Understand using queries to delete data

You can use two types of queries to delete data from an Access database. The query that you use depends on the type of deletion that you need to perform.

  • When you need to delete individual fields from the records in one or more tables, you use an update query that changes the existing values to either a null value (that is, no data) or a zero-length string (a pair of double quotation marks with no space between them).

You use an update query to delete data in individual fields because, by default, delete queries only remove entire rows. The process of using an update query to "delete" data follows these broad steps: Create a select query and ensure that it returns only the data that you want to delete. You then convert the query to an update query, using either NULL or a zero-length string as the update value, and then run the query to update the existing data.

  • When you need to remove entire records (rows), you use a delete query.

By default, delete queries remove all of the data in each field, along with the key value that makes a record unique. When you run the query, it always removes the entire row from the table. The process follows these broad steps: Create a select query, ensure that it returns the records that you want to delete, and then convert the query to a delete query and run it to remove the data.

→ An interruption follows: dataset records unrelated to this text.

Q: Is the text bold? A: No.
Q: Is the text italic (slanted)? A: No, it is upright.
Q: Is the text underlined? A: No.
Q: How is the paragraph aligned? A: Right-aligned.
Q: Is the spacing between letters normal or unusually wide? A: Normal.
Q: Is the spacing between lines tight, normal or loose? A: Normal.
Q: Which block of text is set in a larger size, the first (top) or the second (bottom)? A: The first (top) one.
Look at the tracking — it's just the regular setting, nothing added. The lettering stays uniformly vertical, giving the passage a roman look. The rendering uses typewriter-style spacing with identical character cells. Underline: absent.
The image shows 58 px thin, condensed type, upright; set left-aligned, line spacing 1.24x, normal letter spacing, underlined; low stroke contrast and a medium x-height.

As you proceed, remember that if the records that you want to delete reside on the "one" side of a one-to-many relationship, you must first alter a property of the relationship before you run the query. Preparations for deleting related data, later in this article, explains how to perform that task. You must make the additional changes because by default, Access prevents you from deleting data on the "one" side of a one-to-many relationship.

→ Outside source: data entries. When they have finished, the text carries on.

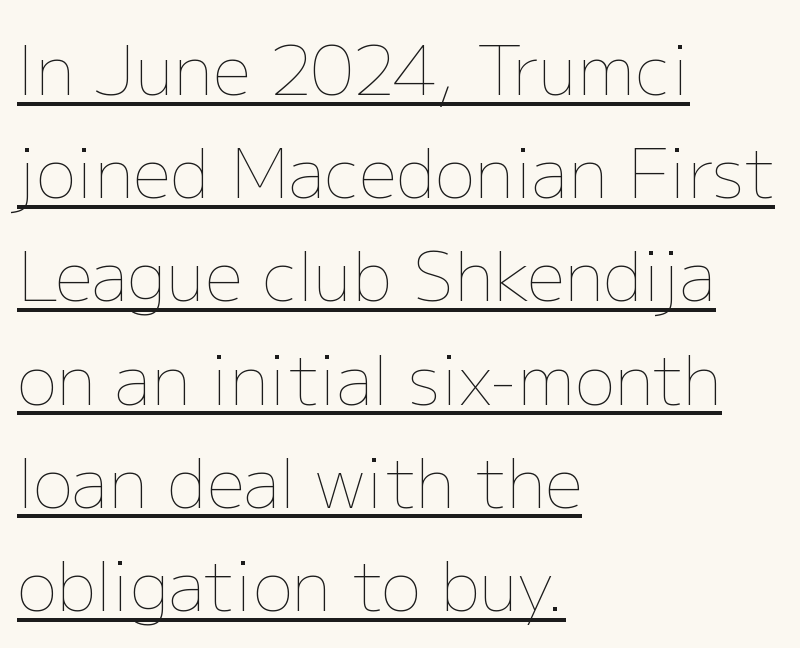
Regular leading. The letters advance in unequal steps, a hallmark of proportional type. The lettering holds an erect, upright posture throughout. Spacing between characters is what you'd get straight out of the box. The rendering uses the underline text-decoration.
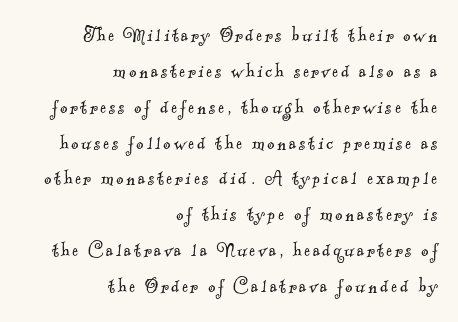
Q: Is the text bold? A: No.
Q: Is the text underlined? A: No.
Q: How is the paragraph aligned? A: Right-aligned.
Q: Is the spacing between lines tight, normal or loose? A: Normal.
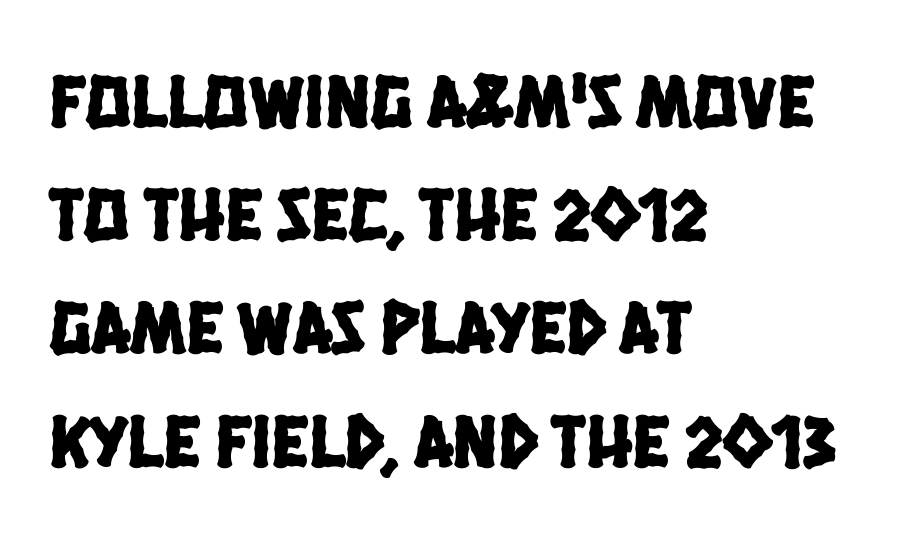
{"serif": "no", "width": "condensed", "stroke_contrast": "low", "x_height": "large", "monospaced": "no", "underline": "no", "align": "left", "line_spacing": "normal", "line_spacing_ratio": 1.49, "letter_spacing": "normal", "letter_spacing_em": 0.0, "glyph_px": 76}
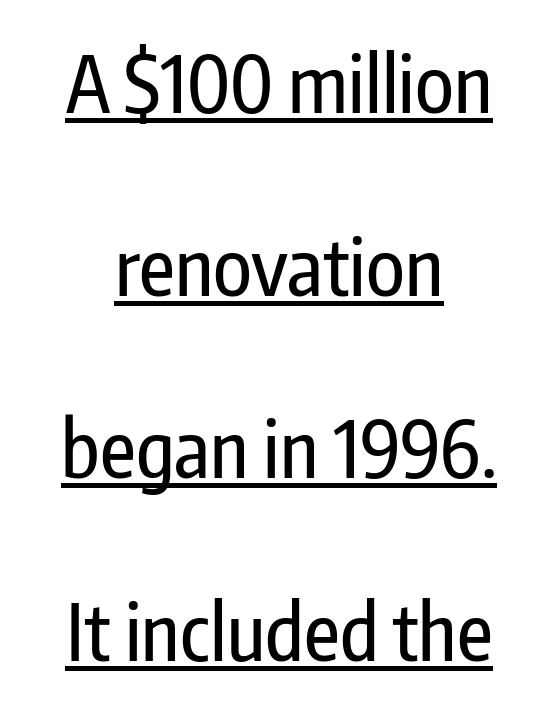
The image shows 78 px condensed sans-serif type, upright; set centered, loose line spacing (2.34x), normal letter spacing, underlined; low stroke contrast and a medium x-height.

If you need more information about one-to-many relationships, see the articles Database design basics and Create, edit or delete a relationship.

Also, remember that after you update or delete part or all of a record, you cannot undo your changes, so you should always back up your data before you run a delete query. See Back up your database, later in this article, for more information.

The procedures in the following sections explain how to create update queries that remove data from individual fields, and how to create delete queries that delete entire records.

 Note   Typically, you use update and delete queries only when you need to change or remove large amounts of data quickly. If you want to remove a small number of records — any quantity that you feel comfortable deleting by hand — you can open the table in Datasheet view, select the fields or rows that you want to delete, and press DELETE.

For more information about other ways to delete data, see the article Delete one or more records from a database.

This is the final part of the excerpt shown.